Pourquoi le HC Bienne a-t-il besoin d’un psychologue du sport? Le HC Bienne n’a pas besoin d’un psychologue, le HCB a besoin de force mentale. À l’instar d’un marchand de pneumatiques qui engage un mécanicien pour optimiser le rendement de ses pneus de prix, le HC Bienne, au début de l’ère Kevin Schläpfer, a accordé de l’importance à pouvoir avoir recours à un psychologue sportif dans son team élargi. Si l’on compare avec les Etats-Unis, où presque chaque équipe de collège (en soccer, hockey, basket) travaille avec un psychologue du sport, une telle mesure représente un pas supplémentaire vers une meilleure professionnalisation de l’encadrement d’une équipe pro.
Quels sont les points gagnés par le HC Bienne la saison dernière que l’on peut attribuer au travail mental? Ce sont les joueurs qui gagnent les points! En ce qui me concerne, je fournis une prestation et je fais tout mon possible dans mon travail, comme d’ailleurs on l’attend de chacun dans le HCB et dans le système qui environne l’équipe.
Comment se fait-il que l’on n’entende peu parler de toi et que l’on ne te voie que rarement à Bienne (à la bande)? C’est un bon signe si les gens de Bienne et de la région ne réalisent pas davantage que j’existe et ne me connaissent pas. L’an dernier, j’ai assisté à 17 rencontres de la saison, mais je ne suis pas directement impliqué dans toutes les démarches qui précèdent, accompagnent ou suivent les matches.
Les joueurs se trouvent actuellement dans une phase importante de préparation. Que fais-tu concrètement durant cet entraînement d’été? En collaboration avec les coaches, je planifie la saison à venir, et nous fixons ensemble les grandes lignes concernant le domaine mental. Récemment, j’ai rencontré le conseil des joueurs (6 joueurs qui portent une part accrue de responsabilité); dans ce cadre, il s’agit de collecter et de mettre en œuvre quelques idées venant des joueurs et susceptibles d’accroître la force de toute l’équipe. Moi aussi je suis en pleine préparation du camp d’entraînement qui aura lieu au début de septembre et nous permettra de poser des bases importantes pour le travail mental.
Dans un sport collectif, quels sont les facteurs les plus importants, du point de vue mental, qui concourent au succès d’une équipe?

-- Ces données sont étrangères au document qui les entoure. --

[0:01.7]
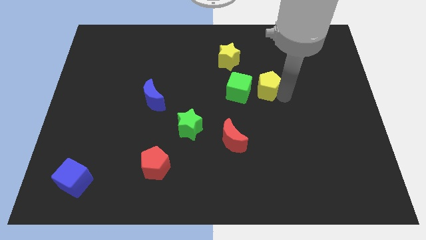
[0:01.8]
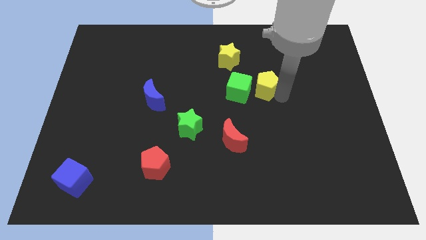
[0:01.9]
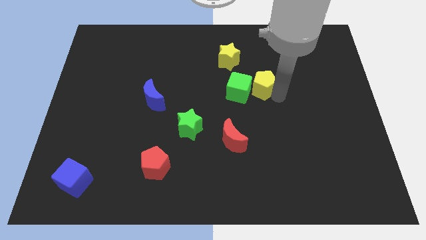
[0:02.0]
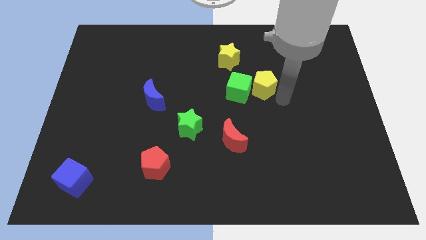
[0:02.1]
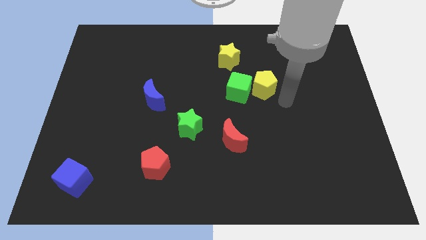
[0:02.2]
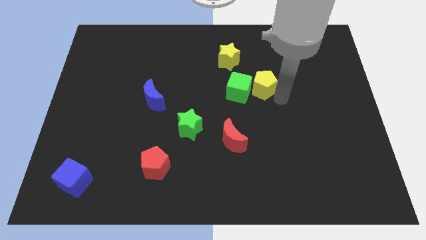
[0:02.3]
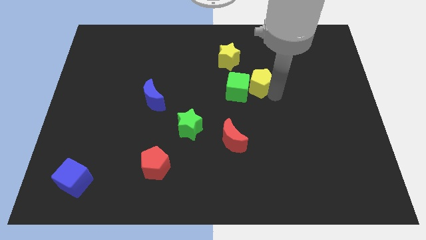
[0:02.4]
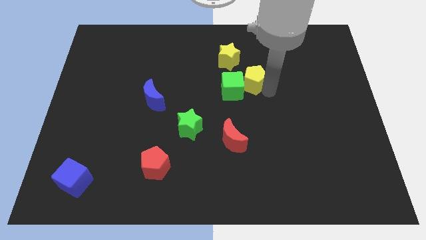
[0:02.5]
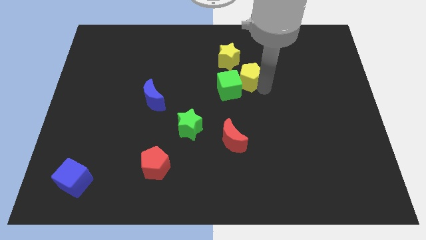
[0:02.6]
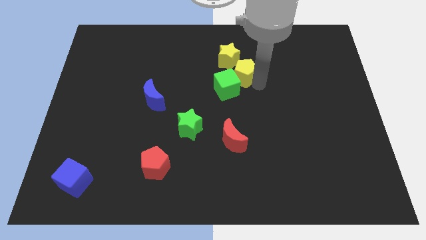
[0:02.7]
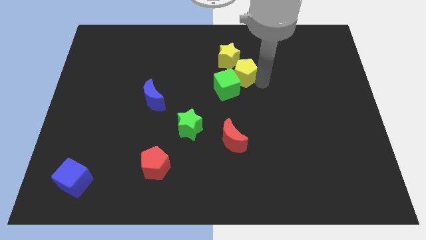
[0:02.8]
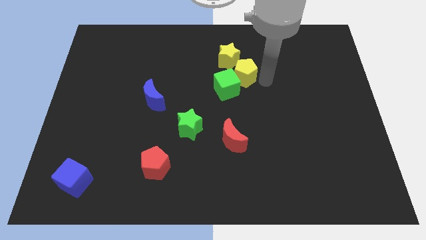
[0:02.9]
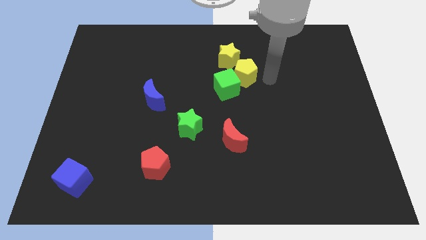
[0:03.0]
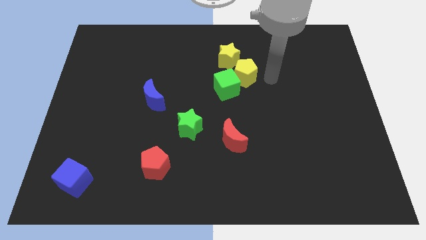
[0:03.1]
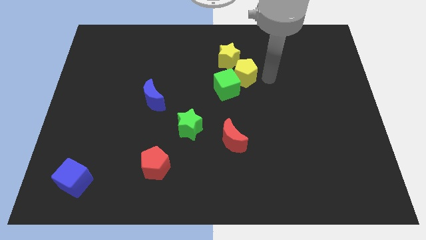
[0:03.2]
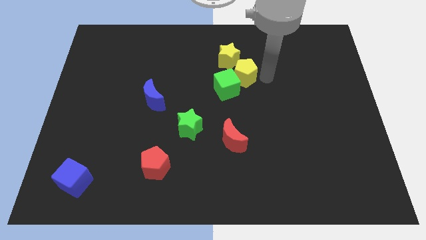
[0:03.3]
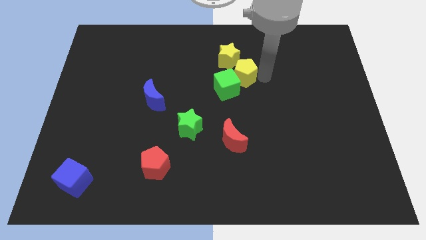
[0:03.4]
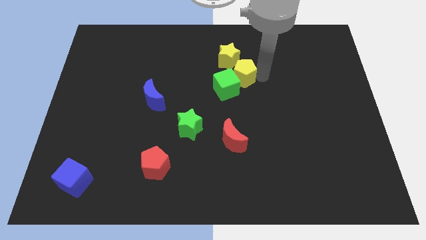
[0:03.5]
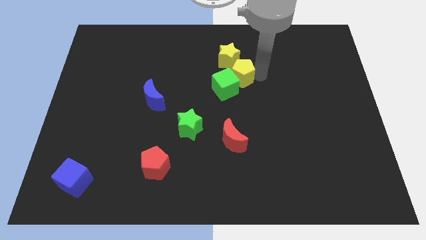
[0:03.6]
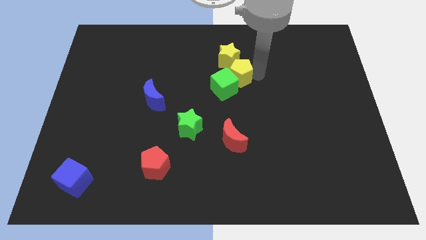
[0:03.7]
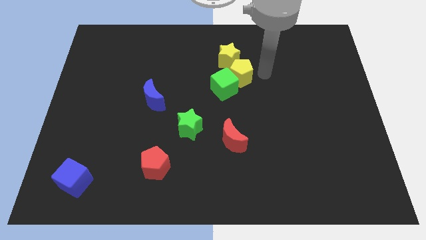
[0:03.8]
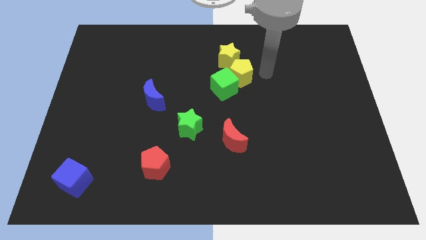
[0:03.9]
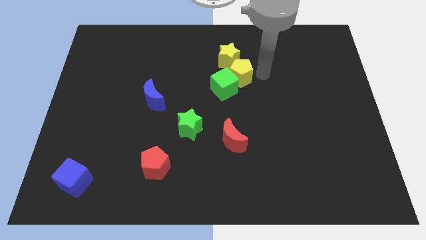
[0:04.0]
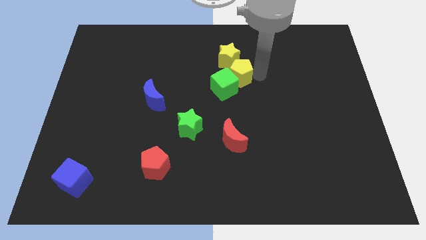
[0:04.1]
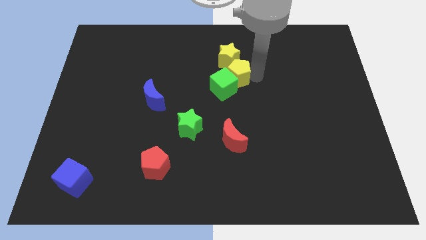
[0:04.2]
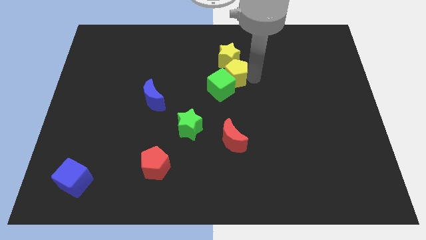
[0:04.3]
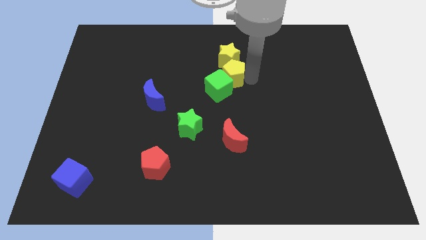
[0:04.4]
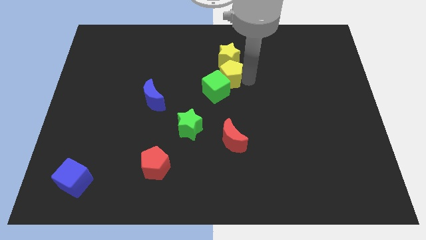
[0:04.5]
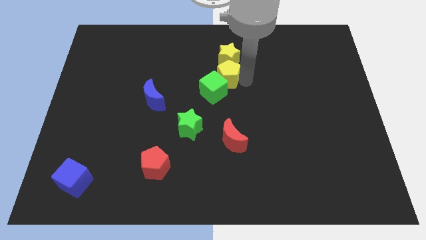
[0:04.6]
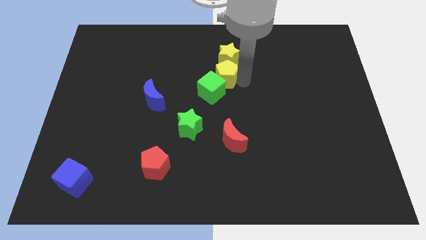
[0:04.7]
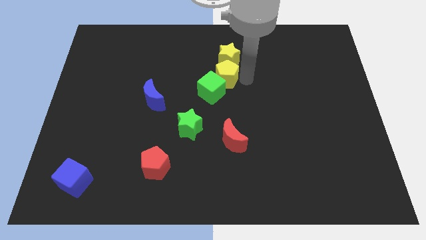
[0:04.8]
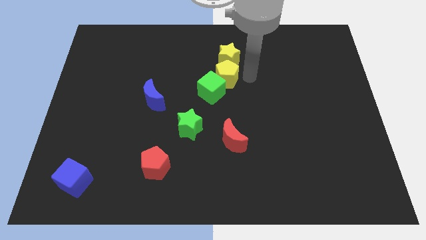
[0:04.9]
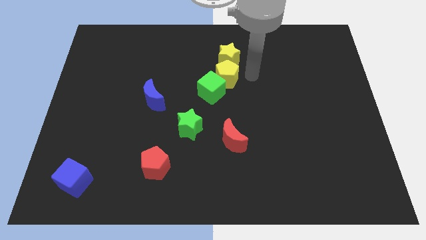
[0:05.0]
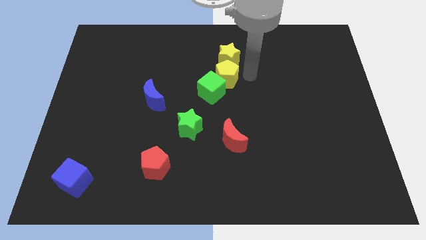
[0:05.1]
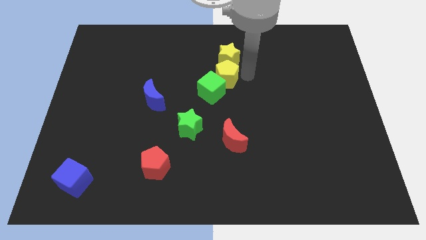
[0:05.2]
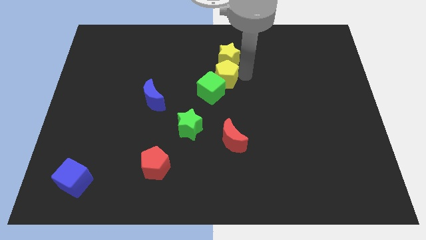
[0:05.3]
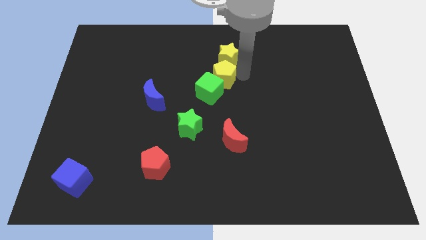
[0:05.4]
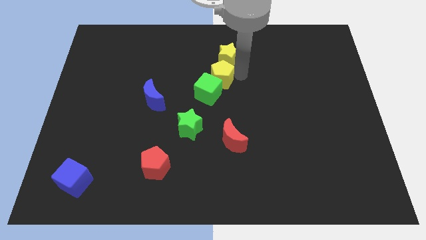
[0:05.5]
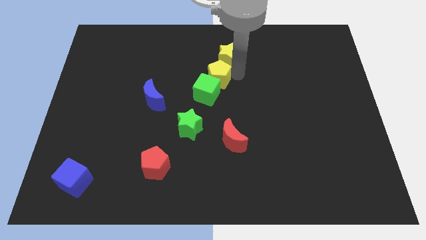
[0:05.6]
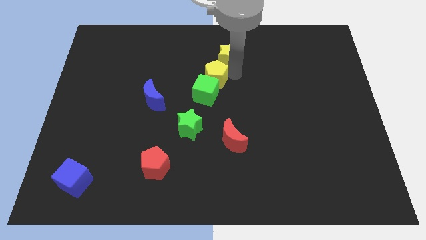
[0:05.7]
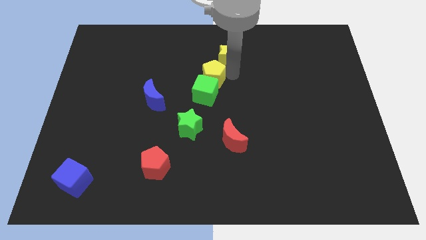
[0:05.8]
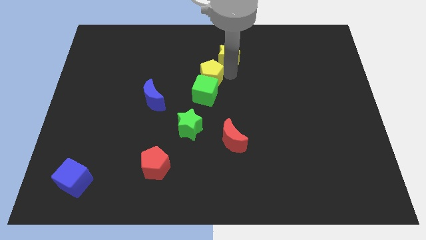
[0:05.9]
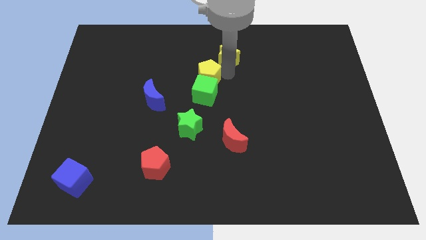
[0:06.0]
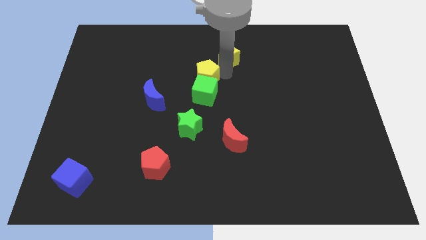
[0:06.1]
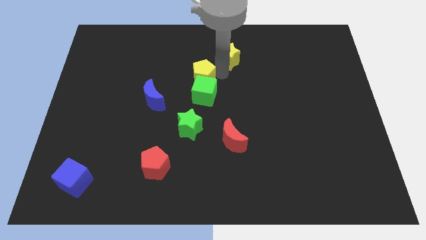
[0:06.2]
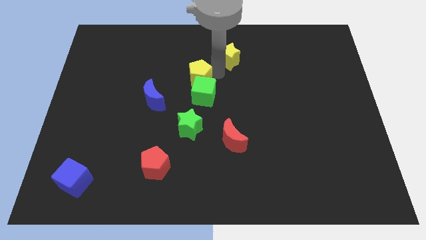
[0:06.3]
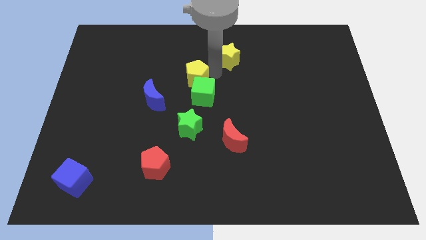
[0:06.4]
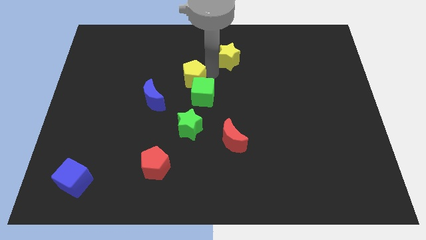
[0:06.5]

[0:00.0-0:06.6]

Savoir penser en termes de performance en toute situation, disposer d’une culture saine et ouverte de maîtrise des conflits et d’une bonne confiance en soi, former une équipe dont les membres sont disposés à se mettre en question et à engager leurs atouts pour le bien du collectif.
Qu’est ce qui amène un sportif à venir chez toi à la consultation individuelle? Un joueur vient me trouver s’il veut faire un travail personnel sur lui-même. Il veut réfléchir sur lui-même et a la conviction que la collaboration avec un psychologue du sport est un moyen judicieux pour lui de progresser dans sa maturité personnelle et sa force mentale.
Pourquoi, à ton avis, un nombre croissant de clubs devraient à l’avenir engager un psychologue du sport? Je suis persuadé qu’un psychologue du sport disposant d’une solide formation scientifique de base peut aider chaque organisation sportive désireuse de se développer. Dans un club professionnel, il faut, pour le domaine de la forme physique, un entraîneur de la condition, des physiothérapeutes et des masseurs pour la capacité de livrer les performances, et il en va de même pour ce qui est du mental. Les collaborations d’une certaine durée ont prouvé que dans le domaine mental précisément les progrès sont possibles si l’on travaille systématiquement et en suivant un plan précis.